*Task requirements*:
Reproduce verbatim the lines of the material below, starting at the line with "8.782C22 7.912 21.296" and ending at the line with "7.708C5 7.708 5.97", both inclusive; skip the rest.

*Extracted records*:
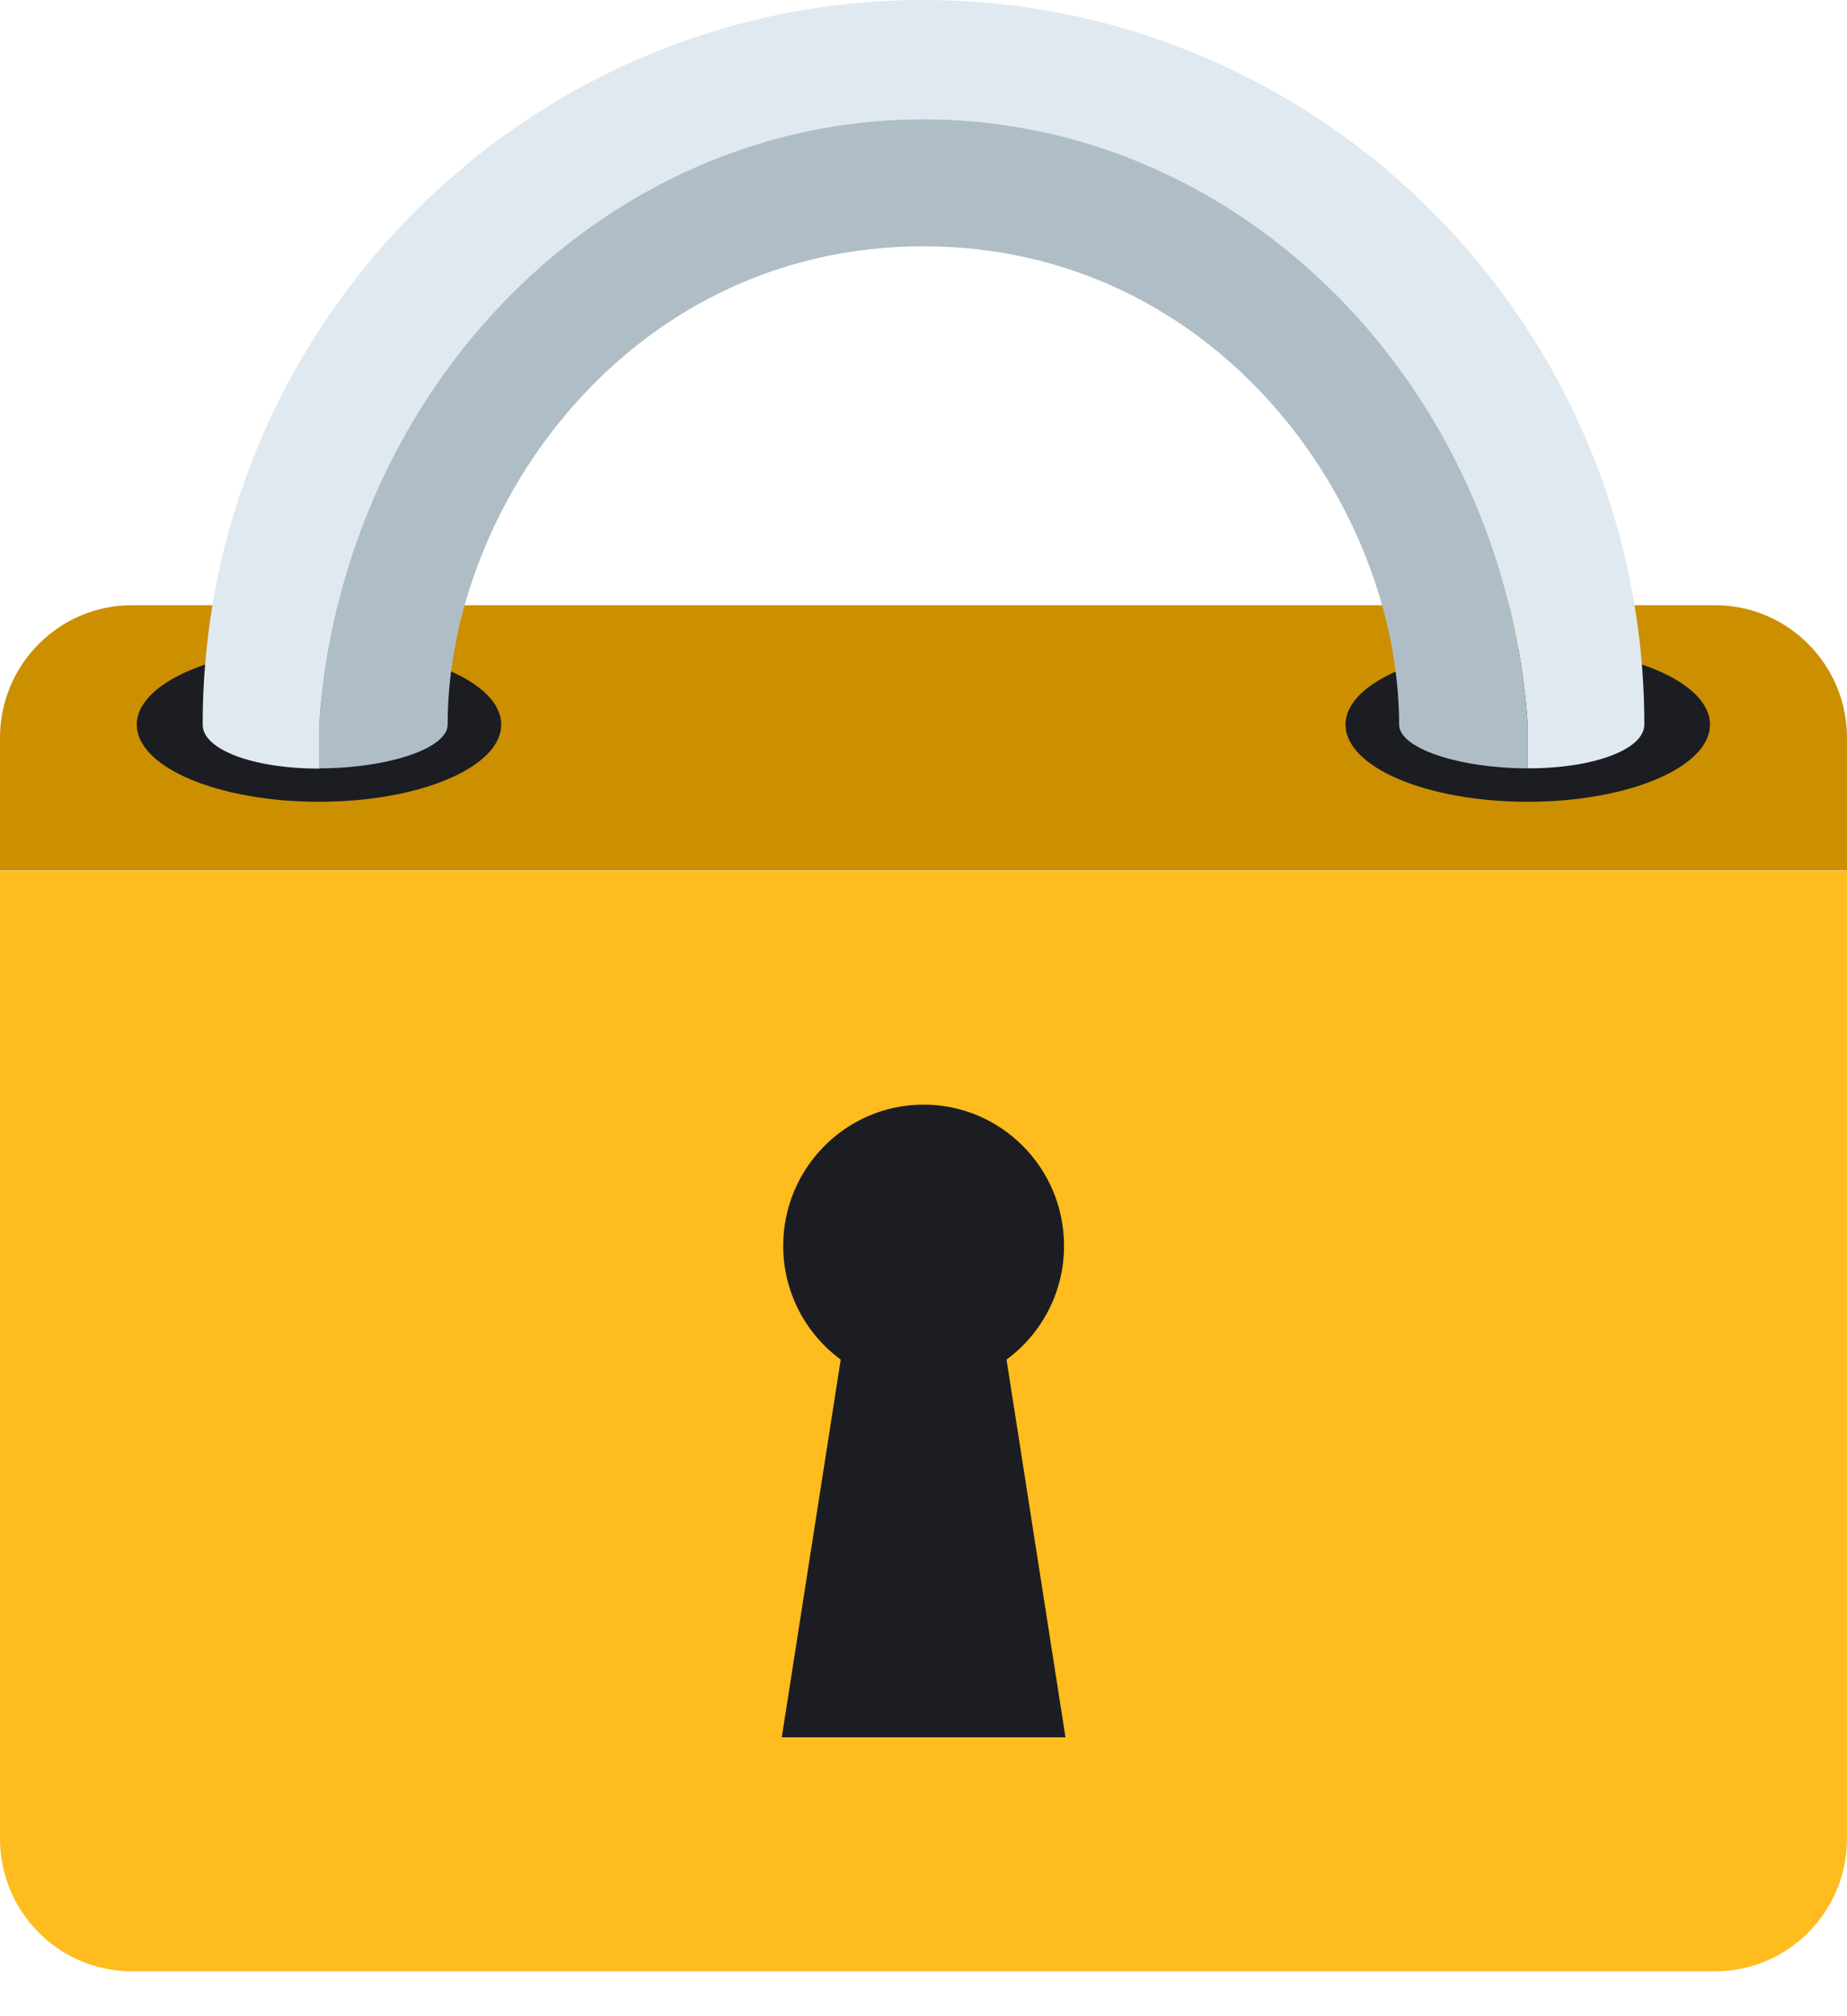 <svg width="22" height="24" viewBox="0 0 22 24" fill="none" xmlns="http://www.w3.org/2000/svg">
<path d="M0 10.363V21.888C0 22.759 0.704 23.466 1.572 23.466H20.428C21.296 23.466 22 22.759 22 21.885V10.363H0Z" fill="#FFBC1F"/>
<path d="M22 8.782C22 7.912 21.296 7.204 20.428 7.204H1.572C0.704 7.204 0 7.912 0 8.782V10.36H22V8.782Z" fill="#CC8F00"/>
<path d="M3.8 7.708C5 7.708 5.97 8.118 5.97 8.625C5.97 9.132 5 9.544 3.8 9.544C2.6 9.544 1.629 9.134 1.629 8.625C1.629 8.121 2.603 7.708 3.8 7.708Z" fill="#1B1D22"/>
<path d="M18.197 7.708C19.397 7.708 20.368 8.118 20.368 8.625C20.368 9.132 19.397 9.544 18.197 9.544C16.998 9.544 16.027 9.134 16.027 8.625C16.027 8.121 17 7.708 18.197 7.708Z" fill="#1B1D22"/>
<path d="M10.999 0C6.265 0 2.414 3.869 2.414 8.628C2.414 8.914 2.992 9.149 3.803 9.149V8.628C4.078 4.604 7.199 1.42 10.999 1.42C14.798 1.42 17.92 4.604 18.197 8.625V9.146C19.005 9.146 19.586 8.914 19.586 8.625C19.586 3.869 15.735 0 10.999 0Z" fill="#E0E9EF"/>
<path d="M18.197 8.628C17.922 4.604 14.801 1.42 10.999 1.42C7.199 1.42 4.078 4.604 3.8 8.625V9.146C4.607 9.146 5.332 8.914 5.332 8.625C5.332 6.022 7.499 2.932 10.999 2.932C14.498 2.932 16.665 6.022 16.665 8.625C16.665 8.911 17.39 9.146 18.197 9.146V8.628Z" fill="#AFBDC6"/>
<path d="M12.691 20.68L11.989 16.184C12.405 15.878 12.674 15.385 12.674 14.83C12.674 13.902 11.924 13.149 11.002 13.149C10.079 13.149 9.329 13.902 9.329 14.83C9.329 15.385 9.598 15.878 10.014 16.184L9.312 20.68H12.691Z" fill="#1B1D22"/>
</svg>

*Response area*:
<path d="M22 8.782C22 7.912 21.296 7.204 20.428 7.204H1.572C0.704 7.204 0 7.912 0 8.782V10.36H22V8.782Z" fill="#CC8F00"/>
<path d="M3.8 7.708C5 7.708 5.97 8.118 5.97 8.625C5.97 9.132 5 9.544 3.8 9.544C2.6 9.544 1.629 9.134 1.629 8.625C1.629 8.121 2.603 7.708 3.8 7.708Z" fill="#1B1D22"/>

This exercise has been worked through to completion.